I have come to realise that I have a habit of speaking when I should be listening. This film is an expression of that. It speaks and I hope that it can speak to lots of people in a positive way for them. But of course it cannot listen. To anyone that is on that edge, I urge you to take your turn to talk. If it can’t be someone you know then pick up the phone and call one of the organisations that exists specifically to help you. There are people out there right now that you have never met that already care enough about you to listen to you as you deserve to be listened to. They will do all that they can to help.
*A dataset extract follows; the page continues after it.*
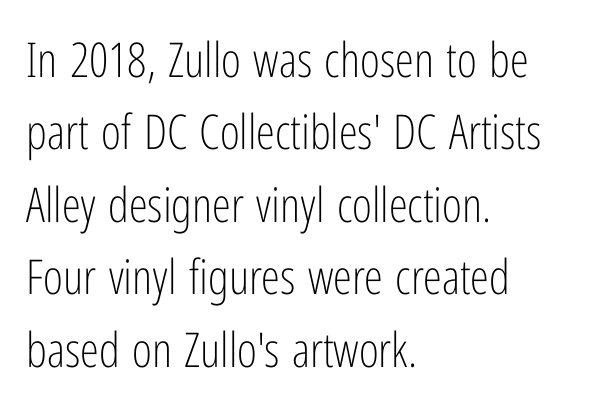
{"serif": "no", "italic": "no", "bold": "no", "weight": "light", "width": "condensed", "stroke_contrast": "low", "x_height": "medium", "monospaced": "no", "underline": "no", "align": "left", "line_spacing": "normal", "line_spacing_ratio": 1.51, "letter_spacing": "normal", "letter_spacing_em": 0.0, "glyph_px": 48}

As I’m writing this in the UK you can talk to CALM from 5pm-midight every day of the year on 0800 58 58 58. Or the Samaritans free from any phone and their lines are open 24 hours every day of the year on 116 123
I no longer have the naive idea that I started out with, that I could make a film that might really help people. After everything that’s happened, I’m just not sure about that. Honestly, I’m not entirely sure about my own motives anymore either. Reading this back it’s clear that I actually made this film for me after all. It’s the film I wanted to make and discusses a subject I’m curious and passionate about in the way I wanted to do it. I don’t want to dress up in some bullshit cloak of selflessness. I am as lost and confused as anyone. I’m as selfish and flawed. All I can say is, with the help of a lot of people I’ve made a film. The truth is I’ve probably made it for my own reasons but I do really hope that some of you who watch it get something positive from it. It’s filled with love but it’s not cheesy. It has a lot of heart and it’s funny at times and I hope that if you go all the way with it you’ll find it uplifting in its way.
But look, I’m just like any film maker. I want it to do well and be liked and even after everything I’m still hopeful that the team captains will one day pick me and that those clever people who hold important jobs will think I’m clever too and that I’m the kind of asset they want on their team.